Reconocer indirectamente el derecho sobre la propia existencia, y con ello el derecho a dejar de existir, pero paralelamente negar la posibilidad de asistirse en el propósito de finiquitar la propia vida, revela una incomprensión del fenómeno. El tenedor de un poder, en principio, ostenta también el poder de transferir ese mismo dominio a un tercero. De tal suerte, en torno a un bien inmueble de mi posesión, no solo puedo disfrutarlo, enajenarlo, donarlo o destruirlo, sino que puedo nombrar a un apoderado –siendo yo el poderdante en esa relación- para que me asista en el ejercicio del poder que me corresponde como titular del bien. Esa lógica jurídica es la base sobre la que se erigen los contratos de representación voluntaria. Los representantes voluntarios –abogados, apoderados, albaceas, etcétera- son asistentes, ejecutores de la voluntad del poderdante, del tenedor de poder.
El conflicto creado a nivel legislativo entre la impunidad del suicida y la culpa del que asiste al primero a ejecutar una voluntad soberana, deriva de intentar asumir un pensamiento renacentista siendo víctima de una endoculturación medieval; como escuchar a mi abuelo explicando que no es homofóbico porque conoce a una persona homosexual, o atestiguar monumentos a la oratoria en defensa del «diseño original de familia». En todo caso se trata de una incomprensión de las libertades en debate, y de incongruencias jurídico-filosóficas.

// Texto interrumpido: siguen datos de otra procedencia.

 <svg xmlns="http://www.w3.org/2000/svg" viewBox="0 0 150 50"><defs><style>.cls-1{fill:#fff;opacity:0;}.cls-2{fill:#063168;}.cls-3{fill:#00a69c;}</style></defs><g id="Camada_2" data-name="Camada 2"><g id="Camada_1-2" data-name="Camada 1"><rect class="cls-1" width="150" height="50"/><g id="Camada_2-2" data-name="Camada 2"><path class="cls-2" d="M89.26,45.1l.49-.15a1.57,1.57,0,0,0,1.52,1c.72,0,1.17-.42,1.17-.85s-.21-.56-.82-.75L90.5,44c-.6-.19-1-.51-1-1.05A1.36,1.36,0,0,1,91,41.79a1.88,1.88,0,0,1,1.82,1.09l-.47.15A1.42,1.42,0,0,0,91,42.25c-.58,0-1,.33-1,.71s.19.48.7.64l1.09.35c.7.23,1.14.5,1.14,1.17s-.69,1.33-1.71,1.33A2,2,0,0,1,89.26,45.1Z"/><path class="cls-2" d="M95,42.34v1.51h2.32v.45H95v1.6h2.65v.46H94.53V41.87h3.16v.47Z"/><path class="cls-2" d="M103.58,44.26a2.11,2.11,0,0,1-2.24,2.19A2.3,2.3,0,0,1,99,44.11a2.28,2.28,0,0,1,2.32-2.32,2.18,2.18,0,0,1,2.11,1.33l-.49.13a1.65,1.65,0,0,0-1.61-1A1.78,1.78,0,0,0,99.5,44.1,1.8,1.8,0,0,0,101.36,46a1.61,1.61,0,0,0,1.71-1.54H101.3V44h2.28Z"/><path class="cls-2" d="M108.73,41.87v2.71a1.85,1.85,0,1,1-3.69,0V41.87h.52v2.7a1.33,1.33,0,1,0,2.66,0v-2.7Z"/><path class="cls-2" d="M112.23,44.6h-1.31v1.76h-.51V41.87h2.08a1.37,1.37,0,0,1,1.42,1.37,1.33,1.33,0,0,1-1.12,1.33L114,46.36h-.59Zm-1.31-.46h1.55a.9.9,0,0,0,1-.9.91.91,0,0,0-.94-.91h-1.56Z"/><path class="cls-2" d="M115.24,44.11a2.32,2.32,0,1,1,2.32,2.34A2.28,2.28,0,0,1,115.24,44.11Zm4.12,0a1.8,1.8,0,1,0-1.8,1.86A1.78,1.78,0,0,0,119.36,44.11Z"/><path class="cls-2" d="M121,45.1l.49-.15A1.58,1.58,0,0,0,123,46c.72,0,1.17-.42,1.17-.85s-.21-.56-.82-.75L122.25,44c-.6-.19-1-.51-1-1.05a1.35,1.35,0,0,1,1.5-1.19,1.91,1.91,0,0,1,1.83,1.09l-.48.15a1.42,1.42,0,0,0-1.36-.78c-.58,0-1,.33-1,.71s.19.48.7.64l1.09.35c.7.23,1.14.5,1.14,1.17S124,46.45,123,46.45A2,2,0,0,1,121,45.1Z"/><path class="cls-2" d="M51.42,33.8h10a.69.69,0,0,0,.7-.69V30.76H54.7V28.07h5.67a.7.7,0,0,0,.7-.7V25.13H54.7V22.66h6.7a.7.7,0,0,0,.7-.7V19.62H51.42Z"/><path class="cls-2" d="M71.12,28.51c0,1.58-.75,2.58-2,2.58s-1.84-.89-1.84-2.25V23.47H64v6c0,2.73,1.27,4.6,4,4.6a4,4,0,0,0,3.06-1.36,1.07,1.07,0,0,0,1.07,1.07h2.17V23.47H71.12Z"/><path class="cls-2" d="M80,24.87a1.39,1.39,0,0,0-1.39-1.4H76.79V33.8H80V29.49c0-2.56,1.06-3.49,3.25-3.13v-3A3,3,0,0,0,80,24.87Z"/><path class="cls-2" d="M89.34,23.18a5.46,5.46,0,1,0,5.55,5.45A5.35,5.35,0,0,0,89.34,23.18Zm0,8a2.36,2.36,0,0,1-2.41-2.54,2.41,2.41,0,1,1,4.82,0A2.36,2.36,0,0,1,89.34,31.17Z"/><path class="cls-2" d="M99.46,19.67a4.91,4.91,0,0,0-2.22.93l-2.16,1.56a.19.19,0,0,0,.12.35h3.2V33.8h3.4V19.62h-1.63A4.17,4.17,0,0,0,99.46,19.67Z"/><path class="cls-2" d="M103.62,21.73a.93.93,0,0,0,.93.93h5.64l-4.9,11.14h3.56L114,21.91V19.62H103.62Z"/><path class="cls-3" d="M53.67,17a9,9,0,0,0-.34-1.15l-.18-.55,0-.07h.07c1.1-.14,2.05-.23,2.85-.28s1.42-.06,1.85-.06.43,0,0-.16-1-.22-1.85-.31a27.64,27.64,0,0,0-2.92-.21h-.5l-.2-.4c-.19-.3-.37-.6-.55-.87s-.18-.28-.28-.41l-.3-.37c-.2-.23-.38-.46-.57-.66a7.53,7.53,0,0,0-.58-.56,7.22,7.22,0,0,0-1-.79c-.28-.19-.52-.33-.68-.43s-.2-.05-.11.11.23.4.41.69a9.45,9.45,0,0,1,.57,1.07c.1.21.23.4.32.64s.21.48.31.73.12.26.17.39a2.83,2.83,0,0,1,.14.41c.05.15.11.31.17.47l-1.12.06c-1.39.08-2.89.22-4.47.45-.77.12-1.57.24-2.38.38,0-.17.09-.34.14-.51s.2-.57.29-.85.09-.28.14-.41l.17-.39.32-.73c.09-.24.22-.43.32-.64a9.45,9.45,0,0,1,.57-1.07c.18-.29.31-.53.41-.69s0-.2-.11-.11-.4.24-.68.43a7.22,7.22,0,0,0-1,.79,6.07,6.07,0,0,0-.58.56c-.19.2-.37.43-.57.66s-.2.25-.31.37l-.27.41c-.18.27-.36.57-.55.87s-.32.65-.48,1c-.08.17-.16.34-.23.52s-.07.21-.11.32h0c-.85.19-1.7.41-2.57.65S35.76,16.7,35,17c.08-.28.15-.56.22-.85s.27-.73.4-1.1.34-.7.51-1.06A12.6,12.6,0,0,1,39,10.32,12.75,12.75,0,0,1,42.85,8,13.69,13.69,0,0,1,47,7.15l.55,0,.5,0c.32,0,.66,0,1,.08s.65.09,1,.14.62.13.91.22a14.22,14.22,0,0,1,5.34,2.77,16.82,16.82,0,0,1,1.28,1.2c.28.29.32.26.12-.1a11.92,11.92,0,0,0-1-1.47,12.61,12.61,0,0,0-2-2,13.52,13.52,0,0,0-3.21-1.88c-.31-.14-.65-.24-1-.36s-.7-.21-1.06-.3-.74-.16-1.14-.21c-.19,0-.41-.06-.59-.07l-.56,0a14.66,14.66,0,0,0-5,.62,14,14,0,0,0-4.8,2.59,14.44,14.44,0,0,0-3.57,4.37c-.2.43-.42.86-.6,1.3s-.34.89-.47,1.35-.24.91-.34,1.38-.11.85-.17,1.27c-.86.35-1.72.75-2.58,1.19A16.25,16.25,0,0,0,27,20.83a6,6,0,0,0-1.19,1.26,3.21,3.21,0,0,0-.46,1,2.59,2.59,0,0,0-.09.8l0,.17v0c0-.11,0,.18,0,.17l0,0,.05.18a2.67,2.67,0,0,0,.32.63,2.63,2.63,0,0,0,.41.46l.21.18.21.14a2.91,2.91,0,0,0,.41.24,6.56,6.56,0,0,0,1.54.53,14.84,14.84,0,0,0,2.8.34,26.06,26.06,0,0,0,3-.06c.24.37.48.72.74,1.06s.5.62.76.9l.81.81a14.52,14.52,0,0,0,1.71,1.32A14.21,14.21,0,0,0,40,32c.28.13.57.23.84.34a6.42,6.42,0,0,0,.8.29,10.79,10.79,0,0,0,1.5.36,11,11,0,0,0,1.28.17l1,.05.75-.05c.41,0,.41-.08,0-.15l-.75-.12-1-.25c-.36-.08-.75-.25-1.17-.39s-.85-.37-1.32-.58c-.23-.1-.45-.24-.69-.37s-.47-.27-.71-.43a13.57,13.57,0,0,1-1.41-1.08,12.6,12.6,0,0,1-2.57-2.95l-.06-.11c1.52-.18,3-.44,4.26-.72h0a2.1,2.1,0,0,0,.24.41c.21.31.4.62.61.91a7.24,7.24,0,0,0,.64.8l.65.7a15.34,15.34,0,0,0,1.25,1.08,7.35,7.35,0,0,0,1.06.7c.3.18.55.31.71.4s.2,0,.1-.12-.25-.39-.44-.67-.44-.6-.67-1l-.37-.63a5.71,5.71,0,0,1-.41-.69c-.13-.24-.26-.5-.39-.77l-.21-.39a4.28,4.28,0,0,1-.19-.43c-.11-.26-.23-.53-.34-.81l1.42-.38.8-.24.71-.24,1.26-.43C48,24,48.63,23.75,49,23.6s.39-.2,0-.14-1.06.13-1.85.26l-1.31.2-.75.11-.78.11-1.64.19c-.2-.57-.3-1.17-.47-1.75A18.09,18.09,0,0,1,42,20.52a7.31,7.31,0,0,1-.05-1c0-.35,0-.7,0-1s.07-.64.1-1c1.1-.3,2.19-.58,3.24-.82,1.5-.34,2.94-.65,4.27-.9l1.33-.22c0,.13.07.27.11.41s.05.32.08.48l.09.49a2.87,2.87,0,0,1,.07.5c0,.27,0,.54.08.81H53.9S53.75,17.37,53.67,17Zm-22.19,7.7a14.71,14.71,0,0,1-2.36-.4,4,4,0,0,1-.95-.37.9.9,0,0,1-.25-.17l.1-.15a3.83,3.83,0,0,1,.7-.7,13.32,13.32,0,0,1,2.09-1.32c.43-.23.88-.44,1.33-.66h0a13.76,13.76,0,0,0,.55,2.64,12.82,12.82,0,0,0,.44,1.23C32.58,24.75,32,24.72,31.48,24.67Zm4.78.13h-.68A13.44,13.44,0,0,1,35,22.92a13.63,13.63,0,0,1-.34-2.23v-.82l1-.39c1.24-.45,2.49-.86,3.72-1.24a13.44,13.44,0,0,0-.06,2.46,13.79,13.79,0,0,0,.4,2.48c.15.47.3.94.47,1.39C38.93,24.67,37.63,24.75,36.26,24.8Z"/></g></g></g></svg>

El nuevo código penal cubano, recientemente aprobado por la Asamblea Nacional del Poder Popular de forma unánime –como dicta el manual de las buenas prácticas revolucionarias en torno a las votaciones colegiadas-, ha vuelto a copiar y pegar el artículo de auxilio al suicidio, con la incoherencia jurídica que supone frente al reconocimiento de la vida como un bien personalísimo.
El «novedoso» artículo 353 ordena:
Luego de cambiar el añejo «El que» por un renovado «Quien», y un antojadizo «otro» por un muy respetuoso «otra persona», el legislador ha culminado los arreglos al tipo penal, dejando las mismas palabras, el mismo castigo y la misma incongruencia jurídico-filosófica. Entre dos y cinco años de privación de libertad para el que sirva de instrumento a quien opta por el buen morir, porque para el Estado moderno toda persona tiene absoluta libertad para mal vivir, pero el buen morir es un contenido tabú.
En definitiva, se trata de una figura penal que apenas adorna el sinsentido de lo real maravilloso. En los años que formé parte del sistema de justicia –pocos, y aún suficientes-, ese delito no formaba parte de la carpeta de experiencia de ninguno de los colegas que compartían toga y espacio –y hastío, y quereres-. No es un delito al que se le preste siquiera atención investigativa –ante una muerte voluntaria, los órganos de investigación no buscan presuntos instigadores, ni ahondan en causas o medios-. Se trata simplemente de una –otra- cadena del conservadurismo más rancio que arrastra esta vieja revolución, que de tan vieja se ha transformado en establishment, con sus achaques, cabezonerías y «porque síes». Esa es la razón de la supervivencia de un delito cuya explicación filosófica se remonta a una duda-afirmación de San Agustín: «el que se mata a sí mismo, ¿acaso no es el asesino de un hombre?»
Por lo pronto, al mundo seguiremos llegando asistidos y sin quererlo, pero habiendo luego deseado irnos, para descontento de Fedra, la asistencia queda unánimemente proscrita.
Notas
1 Livio, Tito (1990): Ab urbe condita, libros I-X. Madrid: Editorial Gredos, traducción de José Antonio Villar Vidal.
2 Gonzalo-Cobo, Ramón Andrés (2015): Semper Dolens: historia del suicidio en Occidente. Barcelona: Acantilado, Quaderns Crema.